Interior Department approves mining plan for Colowyo Coal Mine |

Interior Department approves mining plan for Colowyo Coal Mine

Patrick Kelly
Colowyo Coal Company in Northwest Colorado
Noelle Leavitt Riley

After months of nail biting, Moffat County can breathe a heavy sigh of relief — the Department of the Interior has given the thumbs up to Colowyo’s new mining plan.

According to a press release from DOI, “Assistant Secretary of the Interior Janice Schneider has approved the mining plan for an expansion of the Colowyo Coal Mine in Craig.”

The approval is supported by an environmental assessment and finding of no significant impact prepared by the Office of Surface Mining Reclamation and Enforcement, as well as a biological opinion prepared by the U.S. Fish and Wildlife Service.

The approval of the new mine plan completes OMSRE’s effort to comply with a federal district Judge R. Brooke Jackson’s May 8 order to finalize the environmental review within 120 days.

According to the notice the Department of Justice filed with the district court, “Federal Defendants have now complied with the Court’s May 8 Order, thus obviating the need for entry of a vacatur order.”

In other words, the judge’s order has been satisfied and Colowyo can continue to mine coal under the new plan.

“We are grateful to the staff at the Office of Surface Mining and the other cooperating agencies for their diligence and hard work to complete the environmental review within the short timeframe ordered by the judge,” said Mike McInnes, chief executive officer of Tri-State Generation and Transmission Association, which owns Colowyo Mine through its subsidiary, Colowyo Coal Company.

Craig Mayor Ray Beck said this is the best news Northwest Colorado has received in a long time.

“I was just elated for the good news,” he said, adding that he wanted to thank OSMRE and DOI for all the hard work.

Beck also voiced his continued support for coal.

“If the American people want to keep having affordable electricity, then we’re going to have to keep mining coal,” he said.

Jackson’s order was the result of a claim brought by environmental advocacy group WildEarth Guardians. Guardians’ claim asserted OSMRE did not comply with the National Environmental Policy Act when it recommended approval of Colowyo’s mining plans to the Secretary of the Interior’s office in 2007.

Jackson agreed with the claim, specifically citing OSMRE’s failure to facilitate adequate public comment and take into account the indirect impacts of mining coal — steps he found were mandated by NEPA.
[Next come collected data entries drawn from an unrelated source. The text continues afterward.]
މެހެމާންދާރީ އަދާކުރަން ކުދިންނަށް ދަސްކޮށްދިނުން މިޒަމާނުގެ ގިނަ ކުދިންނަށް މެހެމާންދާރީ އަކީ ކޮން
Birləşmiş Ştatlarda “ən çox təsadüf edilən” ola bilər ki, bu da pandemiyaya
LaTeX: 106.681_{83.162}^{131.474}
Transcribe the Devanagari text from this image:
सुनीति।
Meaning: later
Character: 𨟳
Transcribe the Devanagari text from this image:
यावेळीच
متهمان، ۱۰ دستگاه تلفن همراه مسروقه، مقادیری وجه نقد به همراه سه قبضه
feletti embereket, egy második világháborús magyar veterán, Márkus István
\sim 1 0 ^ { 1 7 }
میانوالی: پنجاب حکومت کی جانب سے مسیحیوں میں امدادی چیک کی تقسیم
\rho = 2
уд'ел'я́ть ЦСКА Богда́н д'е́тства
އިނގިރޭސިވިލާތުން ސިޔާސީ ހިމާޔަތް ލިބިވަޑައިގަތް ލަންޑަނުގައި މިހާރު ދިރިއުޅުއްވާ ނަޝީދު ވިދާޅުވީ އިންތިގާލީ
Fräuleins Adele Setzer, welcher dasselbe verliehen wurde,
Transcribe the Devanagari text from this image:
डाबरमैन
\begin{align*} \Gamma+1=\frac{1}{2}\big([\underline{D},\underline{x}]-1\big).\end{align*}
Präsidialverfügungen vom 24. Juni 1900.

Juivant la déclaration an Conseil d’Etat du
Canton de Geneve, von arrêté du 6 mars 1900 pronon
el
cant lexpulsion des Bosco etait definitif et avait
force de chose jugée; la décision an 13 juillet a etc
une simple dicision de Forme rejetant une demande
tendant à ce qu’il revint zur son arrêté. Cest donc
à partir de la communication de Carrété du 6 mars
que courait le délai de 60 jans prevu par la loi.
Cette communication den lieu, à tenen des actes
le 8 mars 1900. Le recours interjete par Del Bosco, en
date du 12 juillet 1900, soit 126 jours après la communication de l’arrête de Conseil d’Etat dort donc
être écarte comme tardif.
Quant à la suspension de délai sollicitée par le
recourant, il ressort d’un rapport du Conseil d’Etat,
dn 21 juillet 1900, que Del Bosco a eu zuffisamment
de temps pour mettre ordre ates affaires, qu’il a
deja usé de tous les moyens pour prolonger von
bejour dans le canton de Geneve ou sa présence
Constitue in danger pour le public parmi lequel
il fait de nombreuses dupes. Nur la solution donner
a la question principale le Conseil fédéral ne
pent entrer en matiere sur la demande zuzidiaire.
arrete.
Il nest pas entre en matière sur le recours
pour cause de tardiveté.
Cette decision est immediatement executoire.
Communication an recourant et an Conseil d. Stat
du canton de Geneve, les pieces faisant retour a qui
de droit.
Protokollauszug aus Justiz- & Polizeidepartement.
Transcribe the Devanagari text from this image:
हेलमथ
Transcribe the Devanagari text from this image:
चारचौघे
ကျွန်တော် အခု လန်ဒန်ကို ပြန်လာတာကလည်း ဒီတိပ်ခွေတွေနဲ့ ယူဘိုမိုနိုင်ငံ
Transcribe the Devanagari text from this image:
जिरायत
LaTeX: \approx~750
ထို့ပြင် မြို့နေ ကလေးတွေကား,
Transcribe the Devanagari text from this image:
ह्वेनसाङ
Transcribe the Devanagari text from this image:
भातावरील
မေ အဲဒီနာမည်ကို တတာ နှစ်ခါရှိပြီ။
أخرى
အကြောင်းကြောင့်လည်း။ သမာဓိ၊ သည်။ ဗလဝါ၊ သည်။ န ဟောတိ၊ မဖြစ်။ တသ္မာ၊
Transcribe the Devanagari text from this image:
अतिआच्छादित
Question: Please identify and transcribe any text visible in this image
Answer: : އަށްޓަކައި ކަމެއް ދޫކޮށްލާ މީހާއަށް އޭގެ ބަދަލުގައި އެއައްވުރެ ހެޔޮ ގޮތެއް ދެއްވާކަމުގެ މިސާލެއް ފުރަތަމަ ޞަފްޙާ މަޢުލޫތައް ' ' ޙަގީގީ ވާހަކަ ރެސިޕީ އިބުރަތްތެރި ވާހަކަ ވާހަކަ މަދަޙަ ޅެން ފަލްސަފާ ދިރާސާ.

The ruling garnered the attention of state and federal lawmakers as well as Gov. John Hickenlooper, who urged Secretary of the Interior Sally Jewell to make sure the assessment was completed on time.

U.S. Sen. Cory Gardner, R-Colorado, who visited the mine in July, said in a statement he is pleased that OSMRE and DOI met the deadline and reached a conclusion that allows the mine to operate.

“An economic engine for Northwest Colorado, the Colowyo mine supports more than 200 jobs, produces $165 million in economic activity annually, and provides affordable energy to not only the region, but neighboring states. Now that the DOI has met the court’s deadline, the hardworking Colowyo employees should be able to get back to work immediately,” Gardner said in the statement.